EnMasseProject / enmasse

EnMasse - Self-service messaging on Kubernetes and OpenShift
https://enmasseproject.github.io
Apache License 2.0
190 stars 87 forks source link

Agent crashes when router pod is deleted #781

Closed lulf closed 6 years ago

lulf commented 6 years ago

Same observation as in #715 that the admin pod crashes when router pod crashes. In this case though, the router pod is just deleted manually.
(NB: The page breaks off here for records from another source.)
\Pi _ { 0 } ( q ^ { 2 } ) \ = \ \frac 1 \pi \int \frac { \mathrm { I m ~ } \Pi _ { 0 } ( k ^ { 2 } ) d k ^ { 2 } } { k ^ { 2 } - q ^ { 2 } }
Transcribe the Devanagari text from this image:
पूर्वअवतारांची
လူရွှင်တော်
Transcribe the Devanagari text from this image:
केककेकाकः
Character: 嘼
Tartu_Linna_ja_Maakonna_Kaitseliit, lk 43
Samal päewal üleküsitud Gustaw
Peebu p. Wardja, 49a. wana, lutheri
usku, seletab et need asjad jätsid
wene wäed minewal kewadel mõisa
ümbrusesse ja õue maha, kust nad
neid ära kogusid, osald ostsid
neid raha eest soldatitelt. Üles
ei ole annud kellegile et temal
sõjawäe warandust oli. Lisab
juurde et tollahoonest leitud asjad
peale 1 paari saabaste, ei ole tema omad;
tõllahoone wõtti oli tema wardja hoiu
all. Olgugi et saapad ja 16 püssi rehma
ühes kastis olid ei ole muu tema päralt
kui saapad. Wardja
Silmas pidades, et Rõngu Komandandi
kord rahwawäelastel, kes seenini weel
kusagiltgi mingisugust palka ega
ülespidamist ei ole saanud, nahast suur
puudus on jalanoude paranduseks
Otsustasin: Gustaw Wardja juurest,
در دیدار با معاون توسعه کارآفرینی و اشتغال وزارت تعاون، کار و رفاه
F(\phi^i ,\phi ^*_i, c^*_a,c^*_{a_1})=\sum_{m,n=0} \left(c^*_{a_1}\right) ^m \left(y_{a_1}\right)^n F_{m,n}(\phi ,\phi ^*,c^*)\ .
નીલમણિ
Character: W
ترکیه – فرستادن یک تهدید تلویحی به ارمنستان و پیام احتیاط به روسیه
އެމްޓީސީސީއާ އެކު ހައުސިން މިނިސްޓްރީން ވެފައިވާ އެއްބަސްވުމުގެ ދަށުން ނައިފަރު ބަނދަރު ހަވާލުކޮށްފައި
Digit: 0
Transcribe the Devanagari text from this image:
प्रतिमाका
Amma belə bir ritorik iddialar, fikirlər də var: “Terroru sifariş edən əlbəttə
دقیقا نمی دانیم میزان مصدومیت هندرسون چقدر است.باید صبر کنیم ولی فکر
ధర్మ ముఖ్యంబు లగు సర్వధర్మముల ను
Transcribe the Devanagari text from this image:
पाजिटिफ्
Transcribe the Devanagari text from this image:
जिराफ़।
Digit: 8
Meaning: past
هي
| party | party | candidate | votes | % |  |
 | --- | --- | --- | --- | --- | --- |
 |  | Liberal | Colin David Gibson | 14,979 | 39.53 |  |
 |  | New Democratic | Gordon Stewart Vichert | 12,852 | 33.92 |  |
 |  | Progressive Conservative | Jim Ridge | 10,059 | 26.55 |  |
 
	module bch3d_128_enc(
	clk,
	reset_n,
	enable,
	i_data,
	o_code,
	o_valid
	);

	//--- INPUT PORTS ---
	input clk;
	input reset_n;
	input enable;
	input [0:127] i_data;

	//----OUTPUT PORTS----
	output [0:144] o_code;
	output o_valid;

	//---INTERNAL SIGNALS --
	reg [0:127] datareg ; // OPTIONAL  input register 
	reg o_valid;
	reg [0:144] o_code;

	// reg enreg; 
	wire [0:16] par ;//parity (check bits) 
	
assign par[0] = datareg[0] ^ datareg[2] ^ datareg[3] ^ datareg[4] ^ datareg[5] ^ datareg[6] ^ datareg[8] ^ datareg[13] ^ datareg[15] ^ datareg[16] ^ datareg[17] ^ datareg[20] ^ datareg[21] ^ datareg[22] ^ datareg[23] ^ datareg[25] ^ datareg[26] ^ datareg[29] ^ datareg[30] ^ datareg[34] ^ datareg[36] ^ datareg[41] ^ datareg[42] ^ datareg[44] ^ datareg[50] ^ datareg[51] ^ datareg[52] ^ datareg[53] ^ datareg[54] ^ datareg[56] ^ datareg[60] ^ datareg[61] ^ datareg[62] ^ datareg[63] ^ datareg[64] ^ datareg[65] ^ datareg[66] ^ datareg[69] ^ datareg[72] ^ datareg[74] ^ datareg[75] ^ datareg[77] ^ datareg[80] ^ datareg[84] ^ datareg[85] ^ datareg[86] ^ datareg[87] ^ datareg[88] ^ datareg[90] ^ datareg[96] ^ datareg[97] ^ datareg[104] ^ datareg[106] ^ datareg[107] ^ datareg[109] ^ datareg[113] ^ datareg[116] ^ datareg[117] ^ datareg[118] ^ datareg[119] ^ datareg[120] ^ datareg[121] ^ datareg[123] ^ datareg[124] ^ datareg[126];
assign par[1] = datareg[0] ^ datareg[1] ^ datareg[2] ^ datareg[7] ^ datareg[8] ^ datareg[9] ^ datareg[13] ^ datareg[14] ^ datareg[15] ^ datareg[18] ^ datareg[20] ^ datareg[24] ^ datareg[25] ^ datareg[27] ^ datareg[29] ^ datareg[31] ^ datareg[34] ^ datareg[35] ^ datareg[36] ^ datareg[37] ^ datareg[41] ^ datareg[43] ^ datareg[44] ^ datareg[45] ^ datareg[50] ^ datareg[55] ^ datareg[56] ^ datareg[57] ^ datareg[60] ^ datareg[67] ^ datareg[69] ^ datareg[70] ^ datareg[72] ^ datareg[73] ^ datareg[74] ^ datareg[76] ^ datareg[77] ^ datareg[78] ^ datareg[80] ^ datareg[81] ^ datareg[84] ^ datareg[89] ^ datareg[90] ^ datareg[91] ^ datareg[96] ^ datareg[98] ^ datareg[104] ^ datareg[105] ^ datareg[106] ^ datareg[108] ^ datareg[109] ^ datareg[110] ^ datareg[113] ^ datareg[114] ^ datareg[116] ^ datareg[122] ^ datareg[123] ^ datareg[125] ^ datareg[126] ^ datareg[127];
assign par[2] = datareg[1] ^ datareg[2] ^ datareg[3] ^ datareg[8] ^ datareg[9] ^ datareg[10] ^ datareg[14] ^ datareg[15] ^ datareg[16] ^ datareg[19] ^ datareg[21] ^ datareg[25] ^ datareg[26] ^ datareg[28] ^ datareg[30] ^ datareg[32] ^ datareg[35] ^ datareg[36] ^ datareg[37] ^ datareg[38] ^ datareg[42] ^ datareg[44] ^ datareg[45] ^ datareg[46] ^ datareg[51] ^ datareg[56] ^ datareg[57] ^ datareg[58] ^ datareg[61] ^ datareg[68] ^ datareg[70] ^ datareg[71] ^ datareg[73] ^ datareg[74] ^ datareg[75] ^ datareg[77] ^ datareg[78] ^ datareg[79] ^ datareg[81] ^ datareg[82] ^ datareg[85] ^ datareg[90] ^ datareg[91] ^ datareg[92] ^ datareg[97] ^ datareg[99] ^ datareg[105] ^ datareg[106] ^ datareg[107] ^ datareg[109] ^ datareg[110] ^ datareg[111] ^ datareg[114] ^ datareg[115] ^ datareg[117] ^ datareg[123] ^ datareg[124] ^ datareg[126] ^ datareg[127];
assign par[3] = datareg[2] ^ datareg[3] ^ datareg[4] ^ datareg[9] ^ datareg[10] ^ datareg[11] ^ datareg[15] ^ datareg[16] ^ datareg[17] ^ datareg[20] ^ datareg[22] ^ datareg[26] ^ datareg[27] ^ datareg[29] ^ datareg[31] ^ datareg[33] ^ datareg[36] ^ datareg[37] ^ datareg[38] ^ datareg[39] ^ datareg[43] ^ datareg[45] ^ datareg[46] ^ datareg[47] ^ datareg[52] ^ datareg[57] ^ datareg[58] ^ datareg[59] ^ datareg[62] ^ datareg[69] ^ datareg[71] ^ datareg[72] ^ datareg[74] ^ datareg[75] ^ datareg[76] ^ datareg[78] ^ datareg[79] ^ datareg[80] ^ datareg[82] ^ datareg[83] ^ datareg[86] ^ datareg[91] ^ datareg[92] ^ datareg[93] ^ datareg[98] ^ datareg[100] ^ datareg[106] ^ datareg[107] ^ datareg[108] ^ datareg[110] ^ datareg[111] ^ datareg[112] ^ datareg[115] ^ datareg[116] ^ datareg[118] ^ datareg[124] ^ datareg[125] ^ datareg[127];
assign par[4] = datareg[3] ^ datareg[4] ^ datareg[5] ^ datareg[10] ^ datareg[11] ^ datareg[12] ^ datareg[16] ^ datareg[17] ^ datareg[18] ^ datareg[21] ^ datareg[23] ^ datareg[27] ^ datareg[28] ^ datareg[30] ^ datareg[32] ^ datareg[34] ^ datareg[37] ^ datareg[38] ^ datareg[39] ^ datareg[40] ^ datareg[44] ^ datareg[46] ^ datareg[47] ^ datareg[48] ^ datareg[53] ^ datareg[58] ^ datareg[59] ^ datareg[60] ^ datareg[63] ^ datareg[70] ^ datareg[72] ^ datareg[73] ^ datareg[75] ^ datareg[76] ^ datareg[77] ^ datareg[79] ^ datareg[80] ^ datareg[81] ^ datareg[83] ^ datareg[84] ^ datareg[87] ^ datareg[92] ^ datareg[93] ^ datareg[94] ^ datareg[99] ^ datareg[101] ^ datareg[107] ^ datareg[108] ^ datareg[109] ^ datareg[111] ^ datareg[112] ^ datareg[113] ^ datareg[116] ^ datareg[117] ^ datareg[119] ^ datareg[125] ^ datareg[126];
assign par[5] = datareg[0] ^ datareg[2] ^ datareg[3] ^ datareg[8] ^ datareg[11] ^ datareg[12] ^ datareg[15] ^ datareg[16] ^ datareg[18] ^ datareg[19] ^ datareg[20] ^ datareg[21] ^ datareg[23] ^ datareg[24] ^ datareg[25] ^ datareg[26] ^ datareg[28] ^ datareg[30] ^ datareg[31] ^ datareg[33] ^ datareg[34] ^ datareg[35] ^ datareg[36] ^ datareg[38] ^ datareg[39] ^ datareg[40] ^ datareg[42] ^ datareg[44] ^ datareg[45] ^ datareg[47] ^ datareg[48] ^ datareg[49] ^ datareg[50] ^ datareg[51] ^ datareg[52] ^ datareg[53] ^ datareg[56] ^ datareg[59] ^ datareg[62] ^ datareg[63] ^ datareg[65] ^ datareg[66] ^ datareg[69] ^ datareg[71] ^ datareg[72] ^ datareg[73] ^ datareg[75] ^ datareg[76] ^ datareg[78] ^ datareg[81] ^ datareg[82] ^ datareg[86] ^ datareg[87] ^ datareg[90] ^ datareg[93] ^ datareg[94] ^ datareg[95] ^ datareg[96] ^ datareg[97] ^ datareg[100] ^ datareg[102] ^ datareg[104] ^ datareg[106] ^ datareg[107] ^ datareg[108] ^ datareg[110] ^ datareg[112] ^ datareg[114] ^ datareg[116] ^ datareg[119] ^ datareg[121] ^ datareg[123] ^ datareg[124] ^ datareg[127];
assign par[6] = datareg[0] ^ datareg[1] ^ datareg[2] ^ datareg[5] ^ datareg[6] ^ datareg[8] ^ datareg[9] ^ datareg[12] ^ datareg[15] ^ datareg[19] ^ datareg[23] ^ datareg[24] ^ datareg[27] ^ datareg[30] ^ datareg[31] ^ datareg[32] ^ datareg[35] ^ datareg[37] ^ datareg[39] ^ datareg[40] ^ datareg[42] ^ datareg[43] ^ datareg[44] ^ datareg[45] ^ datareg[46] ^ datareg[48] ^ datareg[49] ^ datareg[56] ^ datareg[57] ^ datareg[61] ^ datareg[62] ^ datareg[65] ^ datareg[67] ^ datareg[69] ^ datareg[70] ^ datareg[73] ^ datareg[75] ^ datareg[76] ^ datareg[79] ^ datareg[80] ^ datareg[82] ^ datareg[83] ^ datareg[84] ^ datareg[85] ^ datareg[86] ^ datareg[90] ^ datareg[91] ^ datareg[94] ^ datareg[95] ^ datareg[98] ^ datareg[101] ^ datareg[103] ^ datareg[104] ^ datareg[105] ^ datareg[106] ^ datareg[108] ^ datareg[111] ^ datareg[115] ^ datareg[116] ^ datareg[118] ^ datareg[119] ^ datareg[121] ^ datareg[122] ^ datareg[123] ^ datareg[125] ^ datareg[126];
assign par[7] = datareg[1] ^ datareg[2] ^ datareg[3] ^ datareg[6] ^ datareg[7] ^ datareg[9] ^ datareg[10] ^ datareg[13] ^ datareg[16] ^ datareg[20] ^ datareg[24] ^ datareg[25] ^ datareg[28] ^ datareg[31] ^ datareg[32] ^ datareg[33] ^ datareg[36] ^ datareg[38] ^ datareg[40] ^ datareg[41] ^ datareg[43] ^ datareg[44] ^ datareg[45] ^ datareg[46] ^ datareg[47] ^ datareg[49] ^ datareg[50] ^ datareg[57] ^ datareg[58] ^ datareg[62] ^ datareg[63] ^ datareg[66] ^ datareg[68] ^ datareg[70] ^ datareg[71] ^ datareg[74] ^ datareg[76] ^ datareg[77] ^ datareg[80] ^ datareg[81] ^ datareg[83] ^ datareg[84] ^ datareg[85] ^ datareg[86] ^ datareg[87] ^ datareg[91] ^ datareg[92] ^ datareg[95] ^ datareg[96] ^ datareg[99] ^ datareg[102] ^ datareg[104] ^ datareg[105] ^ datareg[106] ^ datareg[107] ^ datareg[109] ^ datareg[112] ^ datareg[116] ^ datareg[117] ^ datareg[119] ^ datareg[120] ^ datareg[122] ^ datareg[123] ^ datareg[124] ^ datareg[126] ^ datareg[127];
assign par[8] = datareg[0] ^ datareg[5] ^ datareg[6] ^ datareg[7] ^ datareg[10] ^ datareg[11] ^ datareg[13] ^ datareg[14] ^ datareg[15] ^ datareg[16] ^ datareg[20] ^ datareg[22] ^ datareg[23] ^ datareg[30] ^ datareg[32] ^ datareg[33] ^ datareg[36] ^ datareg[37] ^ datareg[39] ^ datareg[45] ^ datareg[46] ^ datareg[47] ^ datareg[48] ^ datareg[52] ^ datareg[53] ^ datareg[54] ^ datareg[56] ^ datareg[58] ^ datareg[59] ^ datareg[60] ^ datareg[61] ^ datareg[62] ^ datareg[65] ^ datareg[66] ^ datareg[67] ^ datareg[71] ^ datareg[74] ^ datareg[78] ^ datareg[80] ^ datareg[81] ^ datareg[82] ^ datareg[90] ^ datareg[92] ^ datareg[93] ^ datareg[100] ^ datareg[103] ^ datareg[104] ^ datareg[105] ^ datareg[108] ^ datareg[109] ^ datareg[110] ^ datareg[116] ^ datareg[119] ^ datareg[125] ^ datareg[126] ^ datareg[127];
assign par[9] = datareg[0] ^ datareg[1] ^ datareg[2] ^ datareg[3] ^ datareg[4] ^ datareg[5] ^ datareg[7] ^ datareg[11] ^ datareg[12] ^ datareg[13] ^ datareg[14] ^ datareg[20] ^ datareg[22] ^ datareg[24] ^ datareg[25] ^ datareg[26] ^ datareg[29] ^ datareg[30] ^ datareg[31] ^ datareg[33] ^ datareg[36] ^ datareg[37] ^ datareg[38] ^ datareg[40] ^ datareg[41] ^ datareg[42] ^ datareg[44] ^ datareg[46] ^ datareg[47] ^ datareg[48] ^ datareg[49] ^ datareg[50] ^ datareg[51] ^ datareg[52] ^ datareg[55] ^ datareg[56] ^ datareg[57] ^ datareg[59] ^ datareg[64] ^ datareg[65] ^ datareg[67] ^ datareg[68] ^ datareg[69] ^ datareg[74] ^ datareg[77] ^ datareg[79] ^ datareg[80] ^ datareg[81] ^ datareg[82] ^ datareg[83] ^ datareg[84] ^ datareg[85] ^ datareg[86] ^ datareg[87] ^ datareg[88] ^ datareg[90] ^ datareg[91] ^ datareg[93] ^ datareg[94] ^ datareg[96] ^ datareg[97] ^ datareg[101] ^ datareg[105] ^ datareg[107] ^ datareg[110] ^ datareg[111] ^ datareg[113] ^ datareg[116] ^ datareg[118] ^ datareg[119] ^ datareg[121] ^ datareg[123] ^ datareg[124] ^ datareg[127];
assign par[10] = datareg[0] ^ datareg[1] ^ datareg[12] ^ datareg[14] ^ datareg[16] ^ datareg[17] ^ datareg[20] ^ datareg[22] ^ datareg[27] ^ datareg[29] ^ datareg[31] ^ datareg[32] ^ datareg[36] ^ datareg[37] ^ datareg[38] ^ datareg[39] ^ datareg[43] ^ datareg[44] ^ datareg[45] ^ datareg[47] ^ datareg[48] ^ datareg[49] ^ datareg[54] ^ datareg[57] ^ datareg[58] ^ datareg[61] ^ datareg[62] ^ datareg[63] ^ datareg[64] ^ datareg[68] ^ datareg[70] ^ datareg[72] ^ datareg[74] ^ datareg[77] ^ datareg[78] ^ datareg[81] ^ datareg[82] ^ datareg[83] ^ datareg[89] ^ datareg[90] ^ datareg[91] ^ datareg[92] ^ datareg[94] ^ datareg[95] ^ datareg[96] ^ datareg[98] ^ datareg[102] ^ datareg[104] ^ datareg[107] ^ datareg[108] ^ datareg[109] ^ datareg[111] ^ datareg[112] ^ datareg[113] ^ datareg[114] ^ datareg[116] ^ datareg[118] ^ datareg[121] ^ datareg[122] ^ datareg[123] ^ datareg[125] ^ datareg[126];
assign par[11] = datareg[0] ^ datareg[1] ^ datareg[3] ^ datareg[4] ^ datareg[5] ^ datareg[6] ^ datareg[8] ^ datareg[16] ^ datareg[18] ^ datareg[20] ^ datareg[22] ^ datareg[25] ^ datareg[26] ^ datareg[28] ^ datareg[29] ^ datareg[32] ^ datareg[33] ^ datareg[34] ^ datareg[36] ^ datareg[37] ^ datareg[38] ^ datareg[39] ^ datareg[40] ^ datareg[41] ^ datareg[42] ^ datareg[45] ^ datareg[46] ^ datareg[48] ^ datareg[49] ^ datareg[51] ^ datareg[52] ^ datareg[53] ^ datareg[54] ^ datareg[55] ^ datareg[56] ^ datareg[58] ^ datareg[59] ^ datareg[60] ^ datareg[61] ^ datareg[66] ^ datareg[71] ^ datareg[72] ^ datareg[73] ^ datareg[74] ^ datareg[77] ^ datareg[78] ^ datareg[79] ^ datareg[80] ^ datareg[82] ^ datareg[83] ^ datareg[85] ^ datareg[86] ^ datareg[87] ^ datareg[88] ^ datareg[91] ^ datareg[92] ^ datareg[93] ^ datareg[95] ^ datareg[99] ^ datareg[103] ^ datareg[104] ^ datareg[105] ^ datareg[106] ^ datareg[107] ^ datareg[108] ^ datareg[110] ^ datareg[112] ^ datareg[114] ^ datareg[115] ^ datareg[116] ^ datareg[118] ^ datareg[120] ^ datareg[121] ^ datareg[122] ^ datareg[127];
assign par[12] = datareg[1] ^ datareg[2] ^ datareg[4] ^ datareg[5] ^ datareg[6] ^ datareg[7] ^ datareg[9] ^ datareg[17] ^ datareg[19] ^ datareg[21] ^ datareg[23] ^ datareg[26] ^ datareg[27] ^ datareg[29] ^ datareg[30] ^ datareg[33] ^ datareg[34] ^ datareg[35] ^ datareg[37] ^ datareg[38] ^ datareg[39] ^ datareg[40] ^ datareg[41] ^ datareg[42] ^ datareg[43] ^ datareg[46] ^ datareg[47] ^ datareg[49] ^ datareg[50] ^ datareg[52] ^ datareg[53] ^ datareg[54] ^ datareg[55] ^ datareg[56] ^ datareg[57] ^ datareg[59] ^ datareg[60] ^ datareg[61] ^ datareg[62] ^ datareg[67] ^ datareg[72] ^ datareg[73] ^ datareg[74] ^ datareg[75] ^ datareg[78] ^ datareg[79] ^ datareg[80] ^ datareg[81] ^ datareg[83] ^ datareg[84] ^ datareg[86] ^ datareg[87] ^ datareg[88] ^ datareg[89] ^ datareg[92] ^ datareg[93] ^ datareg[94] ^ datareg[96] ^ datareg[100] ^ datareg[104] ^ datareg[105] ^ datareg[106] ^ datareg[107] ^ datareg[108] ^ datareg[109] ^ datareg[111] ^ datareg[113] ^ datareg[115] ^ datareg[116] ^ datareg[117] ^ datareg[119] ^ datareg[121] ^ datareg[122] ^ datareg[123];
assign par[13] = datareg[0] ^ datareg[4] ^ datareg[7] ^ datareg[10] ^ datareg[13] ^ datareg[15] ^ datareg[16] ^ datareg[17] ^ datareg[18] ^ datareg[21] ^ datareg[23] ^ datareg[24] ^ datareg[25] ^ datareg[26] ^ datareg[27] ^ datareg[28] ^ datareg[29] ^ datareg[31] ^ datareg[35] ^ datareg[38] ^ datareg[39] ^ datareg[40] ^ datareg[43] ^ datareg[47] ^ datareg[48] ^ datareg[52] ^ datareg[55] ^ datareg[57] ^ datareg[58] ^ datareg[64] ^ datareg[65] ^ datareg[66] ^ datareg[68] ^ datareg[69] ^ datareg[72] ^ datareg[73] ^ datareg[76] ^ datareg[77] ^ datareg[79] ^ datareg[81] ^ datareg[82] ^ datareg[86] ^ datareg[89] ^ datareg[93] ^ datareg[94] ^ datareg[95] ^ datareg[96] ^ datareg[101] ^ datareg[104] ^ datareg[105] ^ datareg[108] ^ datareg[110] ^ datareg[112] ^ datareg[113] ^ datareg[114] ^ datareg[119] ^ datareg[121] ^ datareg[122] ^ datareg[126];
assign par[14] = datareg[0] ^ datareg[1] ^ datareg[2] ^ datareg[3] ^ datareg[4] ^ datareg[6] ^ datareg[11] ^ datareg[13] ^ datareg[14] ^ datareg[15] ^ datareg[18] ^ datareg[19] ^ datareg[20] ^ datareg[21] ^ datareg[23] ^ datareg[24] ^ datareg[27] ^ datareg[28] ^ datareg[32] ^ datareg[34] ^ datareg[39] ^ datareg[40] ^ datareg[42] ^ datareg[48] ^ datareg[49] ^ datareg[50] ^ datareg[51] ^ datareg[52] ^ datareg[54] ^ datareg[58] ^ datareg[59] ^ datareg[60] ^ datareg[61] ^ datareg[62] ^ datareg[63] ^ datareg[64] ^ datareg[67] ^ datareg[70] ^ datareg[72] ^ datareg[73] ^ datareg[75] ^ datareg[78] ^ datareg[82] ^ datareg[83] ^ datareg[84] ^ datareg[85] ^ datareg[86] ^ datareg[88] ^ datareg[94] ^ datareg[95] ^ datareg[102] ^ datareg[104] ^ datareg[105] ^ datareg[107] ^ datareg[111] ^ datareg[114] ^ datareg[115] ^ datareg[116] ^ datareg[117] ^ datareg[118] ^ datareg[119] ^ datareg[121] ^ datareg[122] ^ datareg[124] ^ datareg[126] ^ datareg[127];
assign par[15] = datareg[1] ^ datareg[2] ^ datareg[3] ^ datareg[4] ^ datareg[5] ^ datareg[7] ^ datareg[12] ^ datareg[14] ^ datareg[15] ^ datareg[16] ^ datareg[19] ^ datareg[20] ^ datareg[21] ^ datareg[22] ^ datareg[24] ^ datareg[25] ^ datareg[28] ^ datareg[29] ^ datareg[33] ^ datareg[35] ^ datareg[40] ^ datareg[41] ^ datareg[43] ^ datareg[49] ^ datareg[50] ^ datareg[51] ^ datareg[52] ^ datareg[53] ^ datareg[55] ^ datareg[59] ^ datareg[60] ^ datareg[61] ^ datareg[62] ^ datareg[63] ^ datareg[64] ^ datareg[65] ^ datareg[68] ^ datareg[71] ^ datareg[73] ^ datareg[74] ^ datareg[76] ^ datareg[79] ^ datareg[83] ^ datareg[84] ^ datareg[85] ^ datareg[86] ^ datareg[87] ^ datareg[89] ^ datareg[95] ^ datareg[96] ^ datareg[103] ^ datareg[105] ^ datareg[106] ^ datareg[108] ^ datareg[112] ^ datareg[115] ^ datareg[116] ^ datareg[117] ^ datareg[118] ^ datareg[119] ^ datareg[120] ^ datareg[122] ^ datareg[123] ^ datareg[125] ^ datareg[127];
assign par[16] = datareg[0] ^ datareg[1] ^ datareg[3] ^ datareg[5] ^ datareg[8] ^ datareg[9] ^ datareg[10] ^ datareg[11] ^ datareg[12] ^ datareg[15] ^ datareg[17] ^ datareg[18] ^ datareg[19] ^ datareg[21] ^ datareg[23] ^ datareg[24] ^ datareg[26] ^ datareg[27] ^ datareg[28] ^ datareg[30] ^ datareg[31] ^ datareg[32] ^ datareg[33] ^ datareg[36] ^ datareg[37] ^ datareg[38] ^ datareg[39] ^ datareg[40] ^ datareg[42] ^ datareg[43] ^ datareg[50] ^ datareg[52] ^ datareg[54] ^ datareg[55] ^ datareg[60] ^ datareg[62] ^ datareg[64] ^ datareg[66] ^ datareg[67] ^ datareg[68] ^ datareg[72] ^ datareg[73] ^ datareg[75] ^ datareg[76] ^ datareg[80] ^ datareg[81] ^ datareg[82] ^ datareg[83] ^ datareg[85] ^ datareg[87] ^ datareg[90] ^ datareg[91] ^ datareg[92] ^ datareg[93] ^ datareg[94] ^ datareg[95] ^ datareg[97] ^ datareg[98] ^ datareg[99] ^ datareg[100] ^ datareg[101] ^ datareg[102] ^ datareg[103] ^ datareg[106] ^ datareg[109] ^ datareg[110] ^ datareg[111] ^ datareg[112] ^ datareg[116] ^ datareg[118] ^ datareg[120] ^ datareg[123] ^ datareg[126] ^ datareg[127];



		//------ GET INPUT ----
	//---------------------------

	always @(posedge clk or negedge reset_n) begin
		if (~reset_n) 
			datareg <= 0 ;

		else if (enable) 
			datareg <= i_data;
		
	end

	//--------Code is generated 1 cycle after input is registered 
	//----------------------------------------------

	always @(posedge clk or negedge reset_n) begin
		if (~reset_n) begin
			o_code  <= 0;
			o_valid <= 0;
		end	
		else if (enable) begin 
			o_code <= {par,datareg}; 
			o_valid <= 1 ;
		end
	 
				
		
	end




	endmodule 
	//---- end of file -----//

The openshift logs for the agent container shows this error:

2018-01-23T09:21:52.367Z agent info retrieved link routes for Router.qdrouterd-2217381788-s3srf: raw-> [{"name":"override.lwt_in","identity":"4","type":"org.apache.qpid.dispatch.router.config.linkRoute","prefix":"$lwt","distribution":"linkBalanced","connection":null,"containerId":"lwt-service","dir":"in","operStatus":"inactive","pattern":null},{"name":"override.lwt_out","identity":"5","type":"org.apache.qpid.dispatch.router.config.linkRoute","prefix":"$lwt","distribution":"linkBalanced","connection":null,"containerId":"lwt-service","dir":"out","operStatus":"inactive","pattern":null},{"name":"override.locate","identity":"6","type":"org.apache.qpid.dispatch.router.config.linkRoute","prefix":"locate","distribution":"linkBalanced","connection":"subscription-service","containerId":null,"dir":"out","operStatus":"inactive","pattern":null}]
2018-01-23T09:21:52.367Z agent info retrieved link routes for Router.qdrouterd-2217381788-s3srf: {}
2018-01-23T09:21:52.367Z agent info updating addresses for Router.qdrouterd-2217381788-s3srf
2018-01-23T09:21:52.367Z agent info checking connectivity for Router.qdrouterd-2217381788-s3srf
2018-01-23T09:21:52.367Z agent info checking connectors on router Router.qdrouterd-2217381788-s3srf, missing=, stale=
2018-01-23T09:22:20.264Z agent info router ready
2018-01-23T09:22:20.264Z agent info router ready
events.js:160
      throw er; // Unhandled 'error' event
      ^
Error: Node not found
    at Sender.link.on_detach (/opt/app-root/src/node_modules/rhea/lib/link.js:146:86)
    at Session.on_detach (/opt/app-root/src/node_modules/rhea/lib/session.js:647:27)
    at Connection.(anonymous function) [as on_detach] (/opt/app-root/src/node_modules/rhea/lib/connection.js:646:30)
    at c.dispatch (/opt/app-root/src/node_modules/rhea/lib/types.js:902:33)
    at Transport.read (/opt/app-root/src/node_modules/rhea/lib/transport.js:95:36)
    at SaslClient.read (/opt/app-root/src/node_modules/rhea/lib/sasl.js:252:26)
    at Connection.input (/opt/app-root/src/node_modules/rhea/lib/connection.js:424:35)
    at emitOne (events.js:96:13)
    at TLSSocket.emit (events.js:188:7)
    at readableAddChunk (_stream_readable.js:176:18)
lulf commented 6 years ago

@grs Is this an error tha can be handled more gracefully? Is it enough to just handle on_detach?